中国に漢字が現れるのは殷中期からで、それより以前の諸王は信用できるとしてもせいぜい数代前で、発掘された甲骨文からは、夏王朝開祖の禹についての記述や治水伝説は無い。従って甲骨文より時代が遡る諸王は、全て後世の創作。

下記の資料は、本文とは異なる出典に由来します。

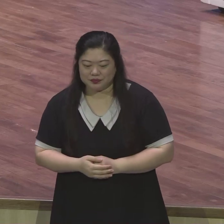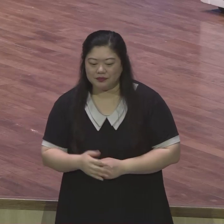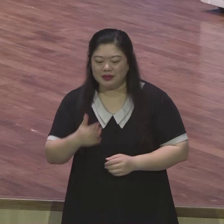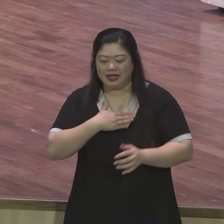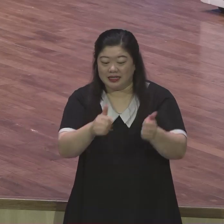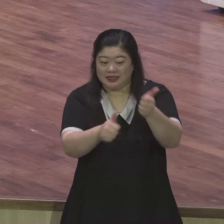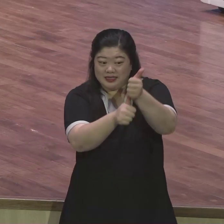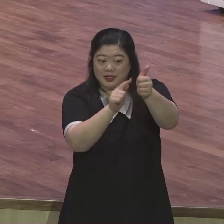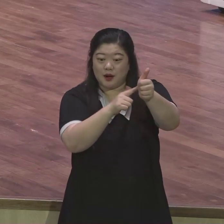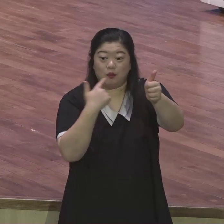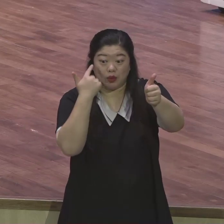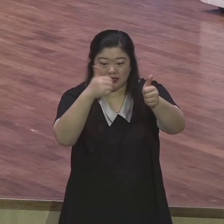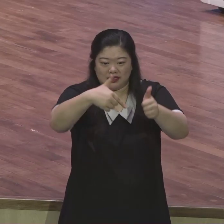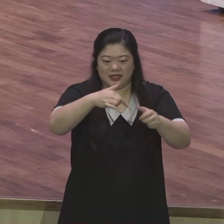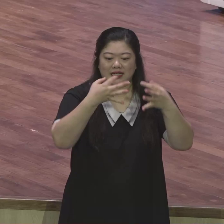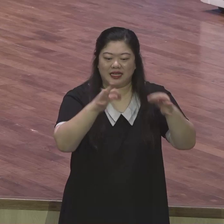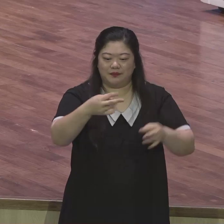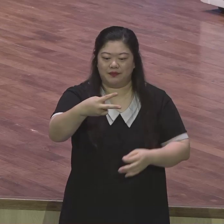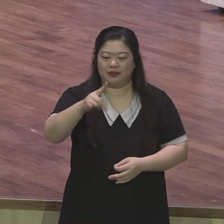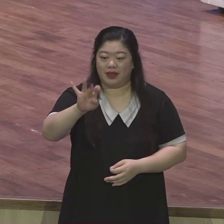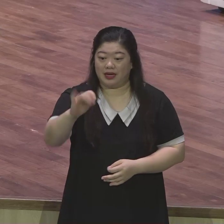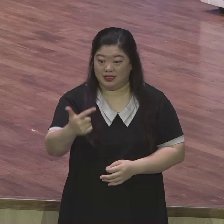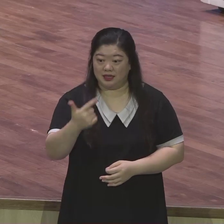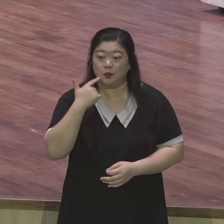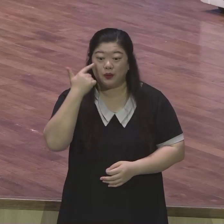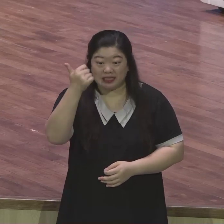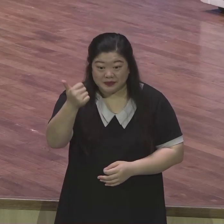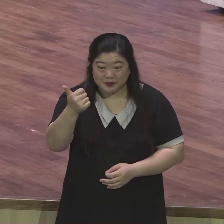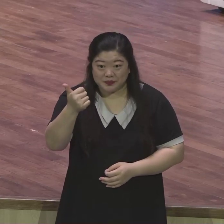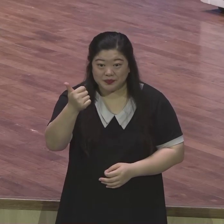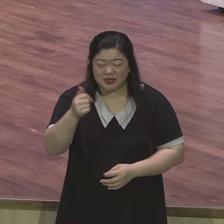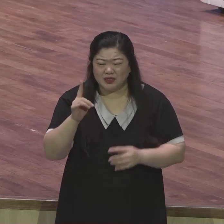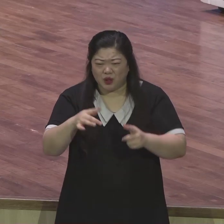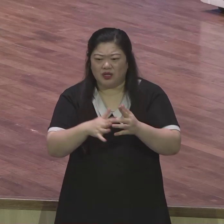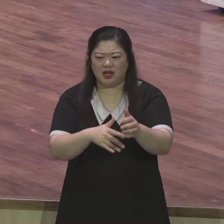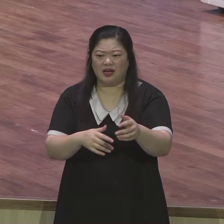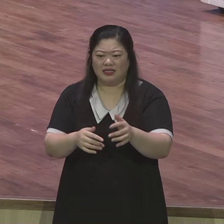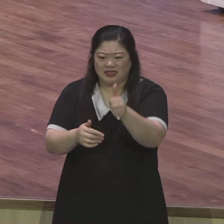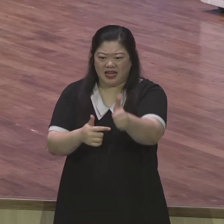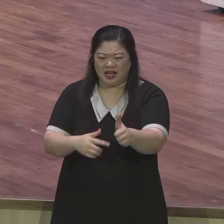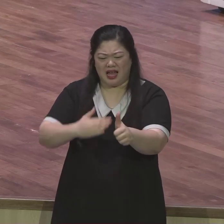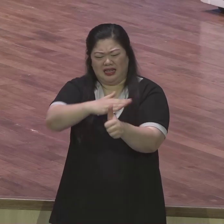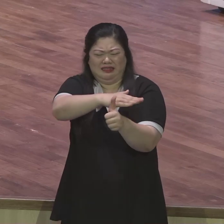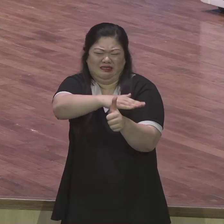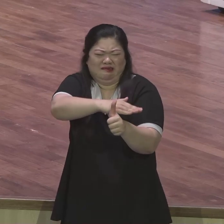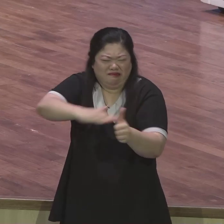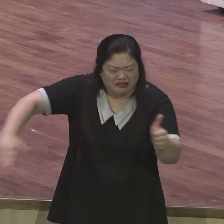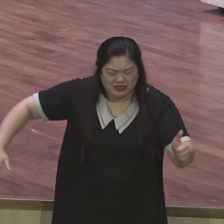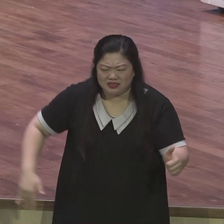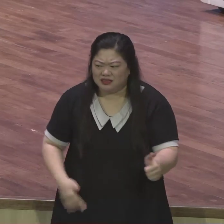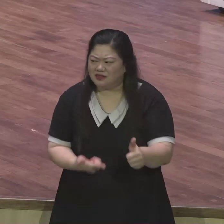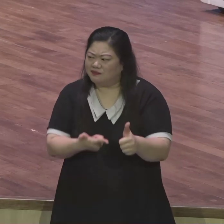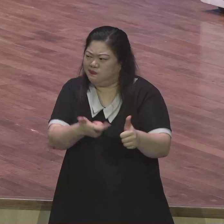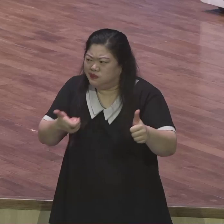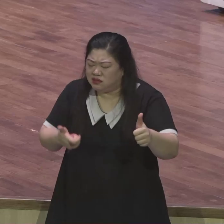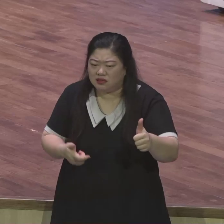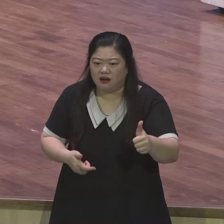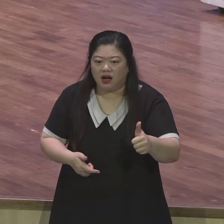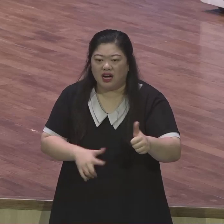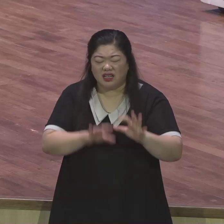설교하시면서 막 일어날 때 사실 잔인하잖아요 목을 그냥 총으로 쏘기도 하지만 목을 자르기도 하고 막 생각만 해도 너무 잔인하고 끔찍한 일이잖아요

「堯」(新字体:尭)の初出は甲骨文で、原義は高い山。派生義として、仰ぐように偉大な(人)の意。カールグレン上古音はŋioɡ(平)で、近音に「仰」ŋi̯aŋ(上)。つまりもともと「仰ぎ見るような偉い人」の意であり、個人名ではない。詳細は論語語釈「尭」を参照。
咨(シ)
(金文)
論語の本章では感動詞の”ああ”。論語では本章のみに登場。感嘆の舌打ちをあらわす擬声語。動詞としては、はかる。意見を並べ出して相談すること。初出は戦国中期の金文。論語の時代に存在しない。論語時代の置換候補も無い。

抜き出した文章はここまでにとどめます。